▶ **Required action**
Find the line with "#24210 = CARTESIAN_POINT" and the line with "#29392 = EDGE_LOOP" in the entries below; output exactly those two lines, every line between them, and no others.
*** Exercise material
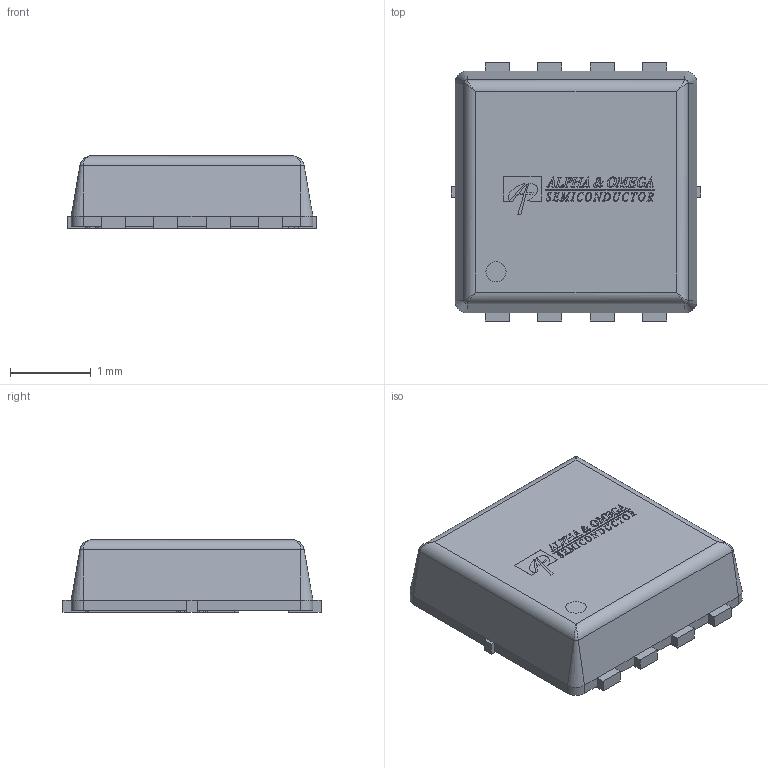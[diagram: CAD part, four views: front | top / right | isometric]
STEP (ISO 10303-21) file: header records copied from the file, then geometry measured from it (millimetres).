
FILE_DESCRIPTION (( 'STEP AP214' ), '1' );
FILE_NAME ('AON7401.STEP', '2022-10-17T10:25:58', ( '' ), ( '' ), 'SwSTEP 2.0', 'SolidWorks 2022', '' );
FILE_SCHEMA (( 'AUTOMOTIVE_DESIGN' ));
Length unit declared in the file: millimetre
Products named in the file (3): Alpha and Omega Logo; AON7401
Assembly tree (2 placements, depth 2):
  AON7401
    AON7401
    Alpha and Omega Logo
Bounding box: 3.1 x 3.2 x 0.9 mm (x, y, z)
Volume: 7.4 mm3; surface area: 27.8 mm2
Topology: 27 solids, 27 shells, 590 faces, 1569 edges, 1030 vertices
Faces by surface type: bspline 278, plane 260, cylinder 48, cone 4
Entity records: 21938 total; most frequent: CARTESIAN_POINT 7455, ORIENTED_EDGE 3130, DIRECTION 1726, EDGE_CURVE 1565, VERTEX_POINT 1030, LINE 916, VECTOR 916, EDGE_LOOP 615
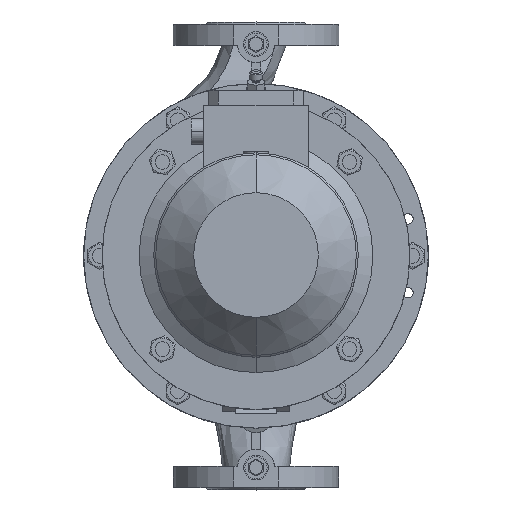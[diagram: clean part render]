
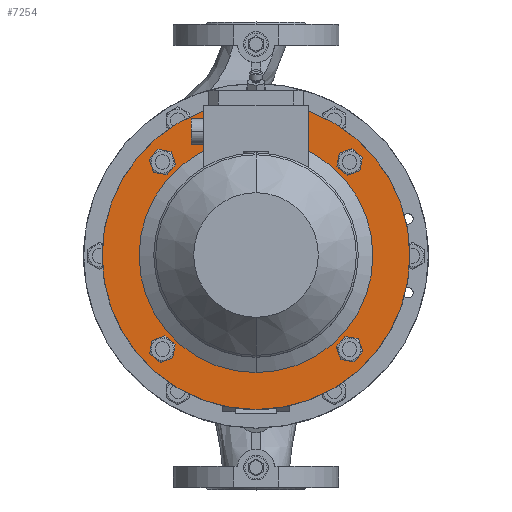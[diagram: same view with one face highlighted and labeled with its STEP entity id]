
A CAD part, top view. The second image highlights one B-rep face of the part: STEP entity #7254.
In plain terms, the highlighted planar face has unit normal (0, 0, 1).
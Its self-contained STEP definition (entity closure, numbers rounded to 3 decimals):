
#188 = FACE_BOUND ( 'NONE', #2054, .T. ) ;
#332 = EDGE_LOOP ( 'NONE', ( #27501, #8090 ) ) ;
#758 = AXIS2_PLACEMENT_3D ( 'NONE', #4030, #11259, #22083 ) ;
#848 = EDGE_CURVE ( 'NONE', #16212, #16512, #25255, .T. ) ;
#986 = DIRECTION ( 'NONE',  ( 0., 0., 1. ) ) ;
#1480 = EDGE_CURVE ( 'NONE', #20187, #7616, #9843, .T. ) ;
#1499 = AXIS2_PLACEMENT_3D ( 'NONE', #8314, #25618, #21209 ) ;
#1564 = ORIENTED_EDGE ( 'NONE', *, *, #12574, .T. ) ;
#1641 = CIRCLE ( 'NONE', #28321, 125. ) ;
#2009 = EDGE_CURVE ( 'NONE', #6304, #18576, #6980, .T. ) ;
#2054 = EDGE_LOOP ( 'NONE', ( #27400, #13620 ) ) ;
#2605 = DIRECTION ( 'NONE',  ( 0., 1., 0. ) ) ;
#3330 = DIRECTION ( 'NONE',  ( 0., 0., -1. ) ) ;
#3397 = AXIS2_PLACEMENT_3D ( 'NONE', #10345, #13004, #15568 ) ;
#3490 = FACE_BOUND ( 'NONE', #7112, .T. ) ;
#3842 = ORIENTED_EDGE ( 'NONE', *, *, #1480, .T. ) ;
#3957 = CIRCLE ( 'NONE', #10166, 95. ) ;
#3962 = ORIENTED_EDGE ( 'NONE', *, *, #6268, .T. ) ;
#4030 = CARTESIAN_POINT ( 'NONE',  ( 0., 125., 172. ) ) ;
#4467 = DIRECTION ( 'NONE',  ( 0., 0., -1. ) ) ;
#4788 = AXIS2_PLACEMENT_3D ( 'NONE', #12399, #4467, #7034 ) ;
#5733 = CARTESIAN_POINT ( 'NONE',  ( 76.014, 76.014, 172. ) ) ;
#6268 = EDGE_CURVE ( 'NONE', #13107, #32010, #29467, .T. ) ;
#6304 = VERTEX_POINT ( 'NONE', #24210 ) ;
#6315 = EDGE_CURVE ( 'NONE', #18576, #6304, #7591, .T. ) ;
#6409 = CARTESIAN_POINT ( 'NONE',  ( 76.014, -76.014, 172. ) ) ;
#6980 = CIRCLE ( 'NONE', #32009, 9.025 ) ;
#7034 = DIRECTION ( 'NONE',  ( 0., 1., 0. ) ) ;
#7089 = FACE_OUTER_BOUND ( 'NONE', #29392, .T. ) ;
#7112 = EDGE_LOOP ( 'NONE', ( #1564, #3842 ) ) ;
#7254 = ADVANCED_FACE ( 'NONE', ( #21647, #25296, #3490, #188, #26874, #7089 ), #19496, .T. ) ;
#7591 = CIRCLE ( 'NONE', #19339, 9.025 ) ;
#7616 = VERTEX_POINT ( 'NONE', #22376 ) ;
#7798 = DIRECTION ( 'NONE',  ( 0., 1., 0. ) ) ;
#7867 = CARTESIAN_POINT ( 'NONE',  ( 0., 0., 172. ) ) ;
#8001 = EDGE_CURVE ( 'NONE', #32010, #13107, #9059, .T. ) ;
#8090 = ORIENTED_EDGE ( 'NONE', *, *, #17888, .T. ) ;
#8314 = CARTESIAN_POINT ( 'NONE',  ( -76.014, -76.014, 172. ) ) ;
#8402 = EDGE_CURVE ( 'NONE', #25535, #12963, #8640, .T. ) ;
#8508 = CARTESIAN_POINT ( 'NONE',  ( -67.126, 74.447, 172. ) ) ;
#8640 = CIRCLE ( 'NONE', #3397, 95. ) ;
#8776 = CIRCLE ( 'NONE', #24364, 9.025 ) ;
#9059 = CIRCLE ( 'NONE', #21090, 9.025 ) ;
#9673 = CARTESIAN_POINT ( 'NONE',  ( 0., -125., 172. ) ) ;
#9843 = CIRCLE ( 'NONE', #12571, 9.025 ) ;
#10166 = AXIS2_PLACEMENT_3D ( 'NONE', #7867, #20548, #2605 ) ;
#10345 = CARTESIAN_POINT ( 'NONE',  ( 0., 0., 172. ) ) ;
#11259 = DIRECTION ( 'NONE',  ( 0., 0., 1. ) ) ;
#11276 = DIRECTION ( 'NONE',  ( 0., 0., -1. ) ) ;
#11432 = EDGE_CURVE ( 'NONE', #22599, #27384, #1641, .T. ) ;
#11813 = CARTESIAN_POINT ( 'NONE',  ( -77.581, -84.902, 172. ) ) ;
#12399 = CARTESIAN_POINT ( 'NONE',  ( 0., 0., 172. ) ) ;
#12571 = AXIS2_PLACEMENT_3D ( 'NONE', #32626, #32283, #14380 ) ;
#12574 = EDGE_CURVE ( 'NONE', #7616, #20187, #14923, .T. ) ;
#12963 = VERTEX_POINT ( 'NONE', #22879 ) ;
#13004 = DIRECTION ( 'NONE',  ( 0., 0., -1. ) ) ;
#13107 = VERTEX_POINT ( 'NONE', #25595 ) ;
#13526 = DIRECTION ( 'NONE',  ( 0., -1., 0. ) ) ;
#13620 = ORIENTED_EDGE ( 'NONE', *, *, #2009, .F. ) ;
#13819 = DIRECTION ( 'NONE',  ( 0., -1., 0. ) ) ;
#14066 = CARTESIAN_POINT ( 'NONE',  ( 74.447, 67.126, 172. ) ) ;
#14228 = AXIS2_PLACEMENT_3D ( 'NONE', #5733, #11276, #24163 ) ;
#14380 = DIRECTION ( 'NONE',  ( 0., -1., 0. ) ) ;
#14414 = DIRECTION ( 'NONE',  ( 0., -1., 0. ) ) ;
#14923 = CIRCLE ( 'NONE', #1499, 9.025 ) ;
#15449 = ORIENTED_EDGE ( 'NONE', *, *, #24534, .T. ) ;
#15475 = CARTESIAN_POINT ( 'NONE',  ( 77.581, 84.902, 172. ) ) ;
#15568 = DIRECTION ( 'NONE',  ( 0., 1., 0. ) ) ;
#16212 = VERTEX_POINT ( 'NONE', #14066 ) ;
#16314 = CARTESIAN_POINT ( 'NONE',  ( 76.014, -76.014, 172. ) ) ;
#16427 = CARTESIAN_POINT ( 'NONE',  ( -76.014, 76.014, 172. ) ) ;
#16512 = VERTEX_POINT ( 'NONE', #15475 ) ;
#16550 = DIRECTION ( 'NONE',  ( 0., 0., -1. ) ) ;
#16651 = CARTESIAN_POINT ( 'NONE',  ( 76.014, 76.014, 172. ) ) ;
#17683 = ORIENTED_EDGE ( 'NONE', *, *, #8001, .T. ) ;
#17888 = EDGE_CURVE ( 'NONE', #16512, #16212, #8776, .T. ) ;
#18576 = VERTEX_POINT ( 'NONE', #8508 ) ;
#18958 = DIRECTION ( 'NONE',  ( 0., -1., 0. ) ) ;
#19339 = AXIS2_PLACEMENT_3D ( 'NONE', #16427, #28959, #13526 ) ;
#19496 = PLANE ( 'NONE',  #758 ) ;
#20187 = VERTEX_POINT ( 'NONE', #11813 ) ;
#20313 = ORIENTED_EDGE ( 'NONE', *, *, #25627, .F. ) ;
#20548 = DIRECTION ( 'NONE',  ( 0., 0., -1. ) ) ;
#21090 = AXIS2_PLACEMENT_3D ( 'NONE', #6409, #31843, #13819 ) ;
#21209 = DIRECTION ( 'NONE',  ( 0., -1., 0. ) ) ;
#21537 = CARTESIAN_POINT ( 'NONE',  ( -76.014, 76.014, 172. ) ) ;
#21647 = FACE_BOUND ( 'NONE', #332, .T. ) ;
#21928 = EDGE_LOOP ( 'NONE', ( #15449, #25542 ) ) ;
#22063 = CARTESIAN_POINT ( 'NONE',  ( 0., -95., 172. ) ) ;
#22083 = DIRECTION ( 'NONE',  ( 0., -1., 0. ) ) ;
#22090 = CIRCLE ( 'NONE', #4788, 125. ) ;
#22376 = CARTESIAN_POINT ( 'NONE',  ( -74.447, -67.126, 172. ) ) ;
#22599 = VERTEX_POINT ( 'NONE', #26924 ) ;
#22879 = CARTESIAN_POINT ( 'NONE',  ( 0., 95., 172. ) ) ;
#24163 = DIRECTION ( 'NONE',  ( 0., -1., 0. ) ) ;
#24210 = CARTESIAN_POINT ( 'NONE',  ( -84.902, 77.581, 172. ) ) ;
#24364 = AXIS2_PLACEMENT_3D ( 'NONE', #16651, #16550, #14414 ) ;
#24534 = EDGE_CURVE ( 'NONE', #12963, #25535, #3957, .T. ) ;
#24543 = AXIS2_PLACEMENT_3D ( 'NONE', #16314, #3330, #29400 ) ;
#25099 = ORIENTED_EDGE ( 'NONE', *, *, #11432, .F. ) ;
#25255 = CIRCLE ( 'NONE', #14228, 9.025 ) ;
#25296 = FACE_BOUND ( 'NONE', #31469, .T. ) ;
#25535 = VERTEX_POINT ( 'NONE', #22063 ) ;
#25542 = ORIENTED_EDGE ( 'NONE', *, *, #8402, .T. ) ;
#25595 = CARTESIAN_POINT ( 'NONE',  ( 67.126, -74.447, 172. ) ) ;
#25618 = DIRECTION ( 'NONE',  ( 0., 0., -1. ) ) ;
#25627 = EDGE_CURVE ( 'NONE', #27384, #22599, #22090, .T. ) ;
#25691 = DIRECTION ( 'NONE',  ( 0., 0., -1. ) ) ;
#26874 = FACE_BOUND ( 'NONE', #21928, .T. ) ;
#26924 = CARTESIAN_POINT ( 'NONE',  ( 0., 125., 172. ) ) ;
#27384 = VERTEX_POINT ( 'NONE', #9673 ) ;
#27400 = ORIENTED_EDGE ( 'NONE', *, *, #6315, .F. ) ;
#27501 = ORIENTED_EDGE ( 'NONE', *, *, #848, .T. ) ;
#28321 = AXIS2_PLACEMENT_3D ( 'NONE', #30986, #25691, #7798 ) ;
#28959 = DIRECTION ( 'NONE',  ( 0., 0., 1. ) ) ;
#29241 = CARTESIAN_POINT ( 'NONE',  ( 84.902, -77.581, 172. ) ) ;
#29392 = EDGE_LOOP ( 'NONE', ( #25099, #20313 ) ) ;
#29400 = DIRECTION ( 'NONE',  ( 0., -1., 0. ) ) ;
#29467 = CIRCLE ( 'NONE', #24543, 9.025 ) ;
#30986 = CARTESIAN_POINT ( 'NONE',  ( 0., 0., 172. ) ) ;
#31469 = EDGE_LOOP ( 'NONE', ( #3962, #17683 ) ) ;
#31843 = DIRECTION ( 'NONE',  ( 0., 0., -1. ) ) ;
#32009 = AXIS2_PLACEMENT_3D ( 'NONE', #21537, #986, #18958 ) ;
#32010 = VERTEX_POINT ( 'NONE', #29241 ) ;
#32283 = DIRECTION ( 'NONE',  ( 0., 0., -1. ) ) ;
#32626 = CARTESIAN_POINT ( 'NONE',  ( -76.014, -76.014, 172. ) ) ;
******
▶ **Exercise result**
#24210 = CARTESIAN_POINT ( 'NONE',  ( -84.902, 77.581, 172. ) ) ;
#24364 = AXIS2_PLACEMENT_3D ( 'NONE', #16651, #16550, #14414 ) ;
#24534 = EDGE_CURVE ( 'NONE', #12963, #25535, #3957, .T. ) ;
#24543 = AXIS2_PLACEMENT_3D ( 'NONE', #16314, #3330, #29400 ) ;
#25099 = ORIENTED_EDGE ( 'NONE', *, *, #11432, .F. ) ;
#25255 = CIRCLE ( 'NONE', #14228, 9.025 ) ;
#25296 = FACE_BOUND ( 'NONE', #31469, .T. ) ;
#25535 = VERTEX_POINT ( 'NONE', #22063 ) ;
#25542 = ORIENTED_EDGE ( 'NONE', *, *, #8402, .T. ) ;
#25595 = CARTESIAN_POINT ( 'NONE',  ( 67.126, -74.447, 172. ) ) ;
#25618 = DIRECTION ( 'NONE',  ( 0., 0., -1. ) ) ;
#25627 = EDGE_CURVE ( 'NONE', #27384, #22599, #22090, .T. ) ;
#25691 = DIRECTION ( 'NONE',  ( 0., 0., -1. ) ) ;
#26874 = FACE_BOUND ( 'NONE', #21928, .T. ) ;
#26924 = CARTESIAN_POINT ( 'NONE',  ( 0., 125., 172. ) ) ;
#27384 = VERTEX_POINT ( 'NONE', #9673 ) ;
#27400 = ORIENTED_EDGE ( 'NONE', *, *, #6315, .F. ) ;
#27501 = ORIENTED_EDGE ( 'NONE', *, *, #848, .T. ) ;
#28321 = AXIS2_PLACEMENT_3D ( 'NONE', #30986, #25691, #7798 ) ;
#28959 = DIRECTION ( 'NONE',  ( 0., 0., 1. ) ) ;
#29241 = CARTESIAN_POINT ( 'NONE',  ( 84.902, -77.581, 172. ) ) ;
#29392 = EDGE_LOOP ( 'NONE', ( #25099, #20313 ) ) ;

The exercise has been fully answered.